A IA Também Traz Novos Riscos

O entusiasmo do Banco Mundial vem acompanhado de várias advertências. De acordo com, a instituição,  IA pode substituir determinados empregos de entrada em sectores como call centers, software, finanças e serviços empresariais mas, pode igualmente facilitar fraude, cibercrime e desinformação.Pode introduzir preconceitos existentes nos dados. Pode aumentar a vigilância sobre cidadãos. Pode concentrar poder económico nas empresas que controlam modelos, chips e centros de dados.

E pode aprofundar a dependência tecnológica das economias mais pobres em relação aos Estados Unidos, China e um número reduzido de grandes empresas globais.

Existe ainda uma dimensão energética.

Centros de dados de IA consomem grandes quantidades de electricidade, podendo colocar pressão adicional sobre sistemas energéticos que, em várias economias em desenvolvimento, ainda não garantem acesso universal.
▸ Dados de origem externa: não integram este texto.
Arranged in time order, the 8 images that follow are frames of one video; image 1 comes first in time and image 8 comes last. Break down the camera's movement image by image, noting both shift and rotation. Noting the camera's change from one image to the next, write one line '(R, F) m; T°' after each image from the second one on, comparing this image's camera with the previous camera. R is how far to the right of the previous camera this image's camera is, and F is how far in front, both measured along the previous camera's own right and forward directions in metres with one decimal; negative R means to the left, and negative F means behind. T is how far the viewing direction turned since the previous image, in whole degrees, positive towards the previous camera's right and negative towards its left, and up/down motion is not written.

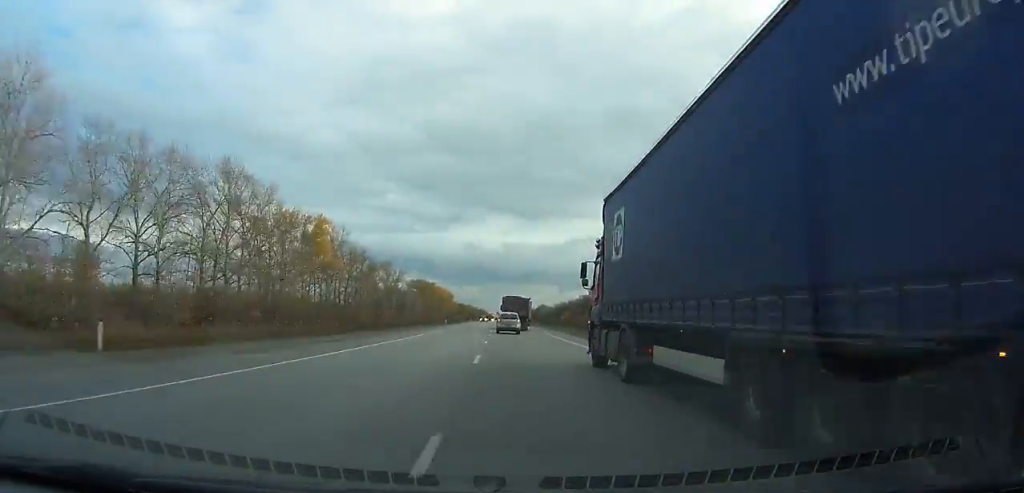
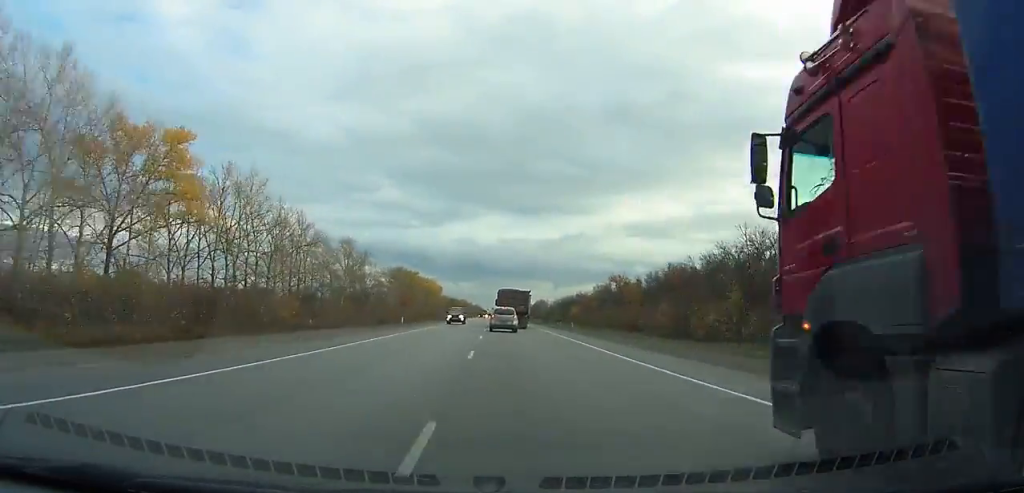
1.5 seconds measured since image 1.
(+0.5, +44.0) m; +1°
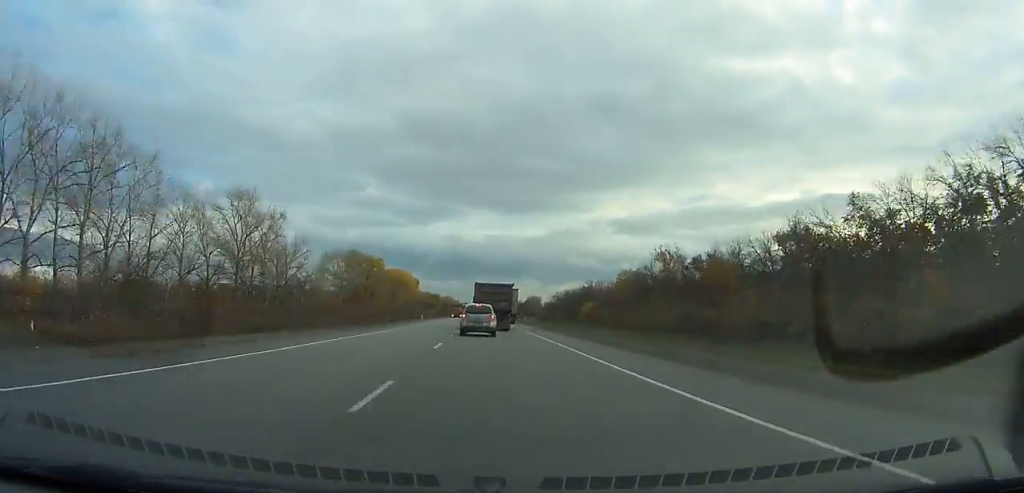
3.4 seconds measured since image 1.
(+0.5, +55.2) m; 0°
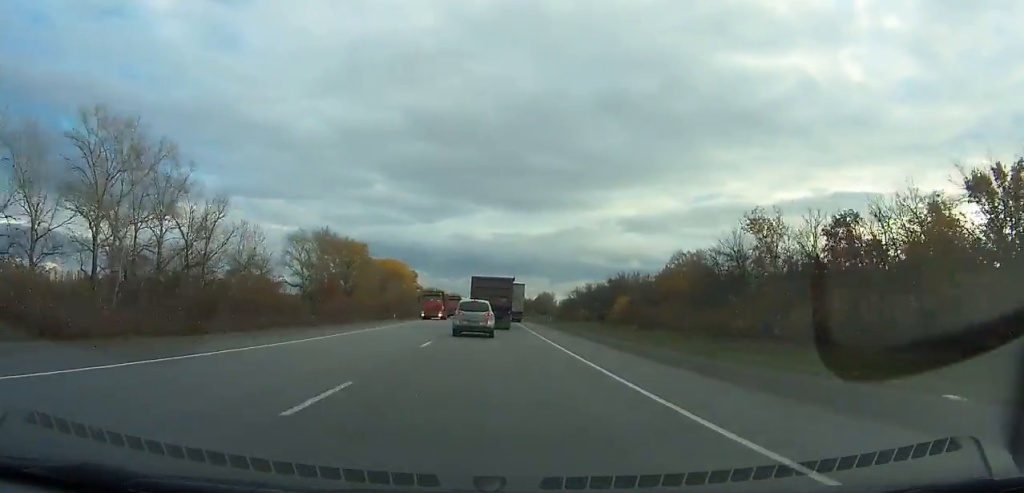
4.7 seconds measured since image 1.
(0.0, +36.0) m; 0°
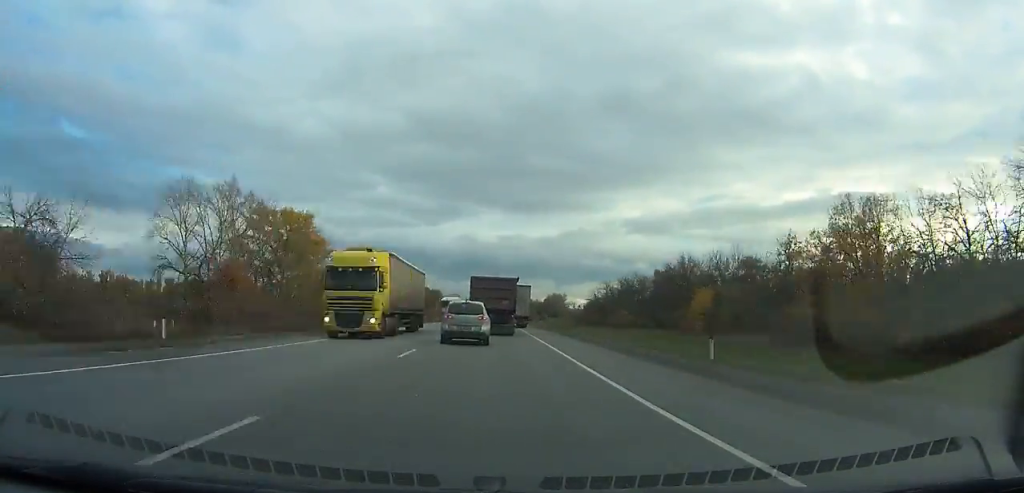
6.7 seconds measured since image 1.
(+0.1, +54.5) m; 0°
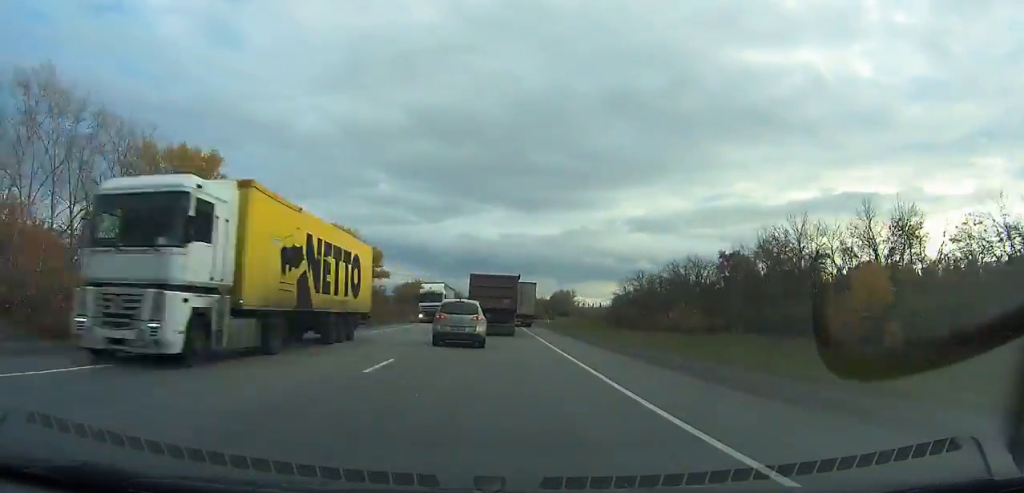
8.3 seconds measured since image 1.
(-0.3, +40.4) m; 0°
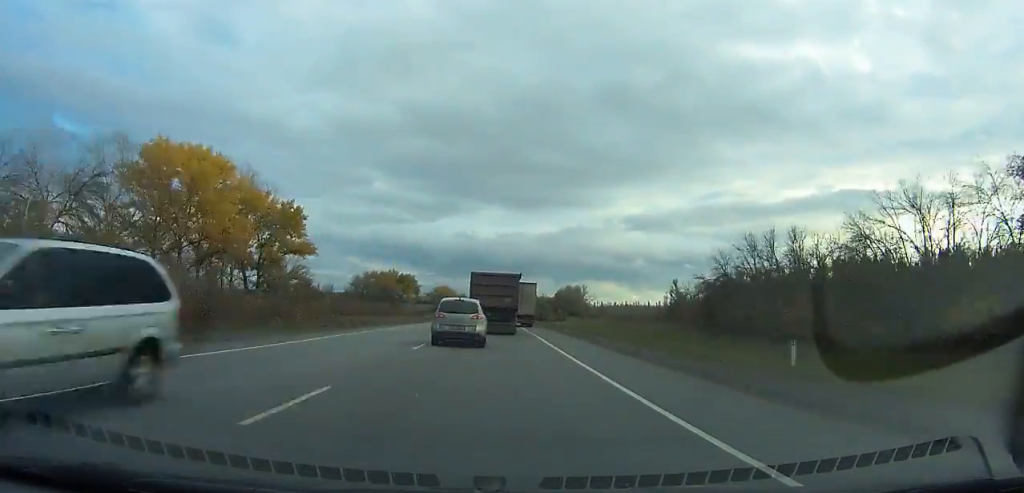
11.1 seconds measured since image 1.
(-0.3, +68.5) m; 0°
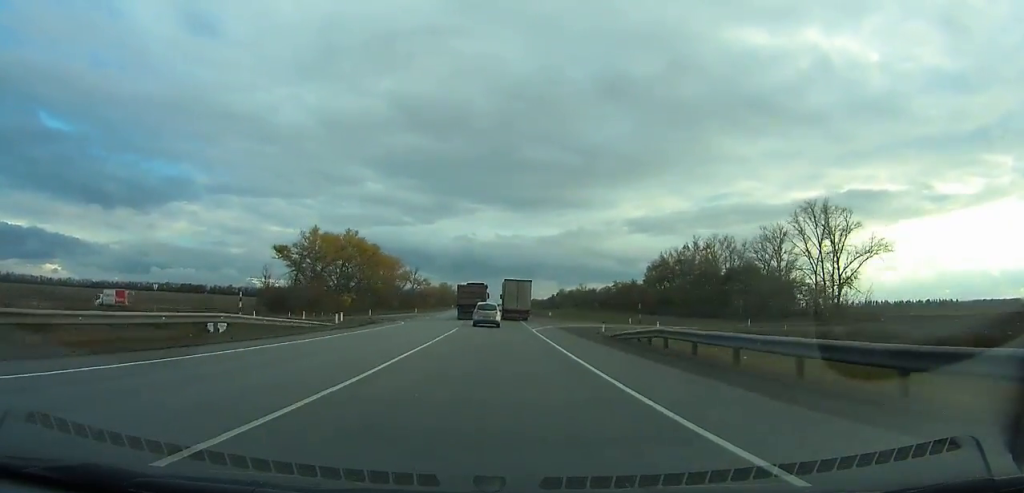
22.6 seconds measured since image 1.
(-0.6, +270.1) m; 0°

Por isso, o relatório desaconselha a ideia de que todos os países devam procurar aquilo que frequentemente se designa por “soberania total em IA”.

Construir localmente todas as camadas — chips, centros de dados, modelos e aplicações — seria demasiado caro para a maioria.

Não Perseguir a Fronteira Pode Ser Uma Estratégia

Esta talvez seja uma das conclusões mais relevantes para países como Moçambique.

Não participar na corrida para construir o maior modelo de IA do mundo não significa ficar fora da revolução tecnológica.

Um país pode obter ganhos muito elevados utilizando modelos desenvolvidos noutras geografias e adaptando-os aos seus próprios problemas.

Pode combinar soluções de vários fornecedores.

Pode desenvolver aplicações em línguas locais.

Pode formar técnicos capazes de adaptar tecnologias.

Pode criar bases nacionais de dados.

Pode utilizar compras públicas para estimular empresas tecnológicas domésticas.

E pode investir em infra-estrutura digital comum que permita a milhares de empresas desenvolver serviços sobre a mesma base.

Trata-se de deslocar a ambição de possuir a tecnologia mais avançada para utilizar a tecnologia disponível da maneira economicamente mais produtiva.

A Corrida de Moçambique Não É Contra Silicon Valley

O Relatório de Desenvolvimento Mundial introduz, assim, uma perspectiva particularmente pertinente para Moçambique.

O País não precisa de competir com os Estados Unidos ou China na construção de modelos que exigem milhares de milhões de dólares.

A sua corrida é outra.

É colocar Internet numa escola rural.

É disponibilizar electricidade onde ainda não existe.

É formar jovens em competências digitais.

É tornar os dispositivos mais acessíveis.

É digitalizar e organizar os dados públicos.

É permitir que um agricultor tenha aconselhamento técnico.

É permitir que uma PME aceda a conhecimento de gestão que antes não podia pagar.

É ajudar um professor, enfermeiro ou técnico do Estado a produzir mais com os recursos disponíveis.

Se a IA conseguir ampliar essas capacidades, poderá tornar-se uma tecnologia particularmente importante para economias que historicamente enfrentam escassez de especialistas e capital humano altamente qualificado.

Mas esta oportunidade apresenta uma contradição fundamental.

Os países que potencialmente mais podem beneficiar da IA são também aqueles que possuem as bases mais frágeis para utilizá-la.

É por isso que, para Moçambique, a política de Inteligência Artificial poderá começar muito antes da própria IA.

Para Moçambique, isso significa que a política de Inteligência Artificial poderá começar muito antes da adopção generalizada da própria tecnologia, através de investimentos consistentes em electricidade, conectividade, educação, competências digitais, organização e disponibilidade de dados, fortalecimento institucional e capacidade de adaptar tecnologias desenvolvidas no exterior às necessidades concretas do País.

E na capacidade de converter tecnologia importada em soluções ajustadas aos problemas nacionais.

O Banco Mundial considera que a janela para essa preparação é estreita, porque a IA está a difundir-se mais rapidamente do que qualquer das anteriores grandes tecnologias de uso geral. 

O desafio, portanto, não é saber se Moçambique deve esperar até poder construir a sua própria inteligência artificial.

É assegurar que não chega tarde a uma tecnologia que pode permitir fazer, em alguns domínios, em uma década aquilo que o desenvolvimento tradicional levaria várias gerações a alcançar.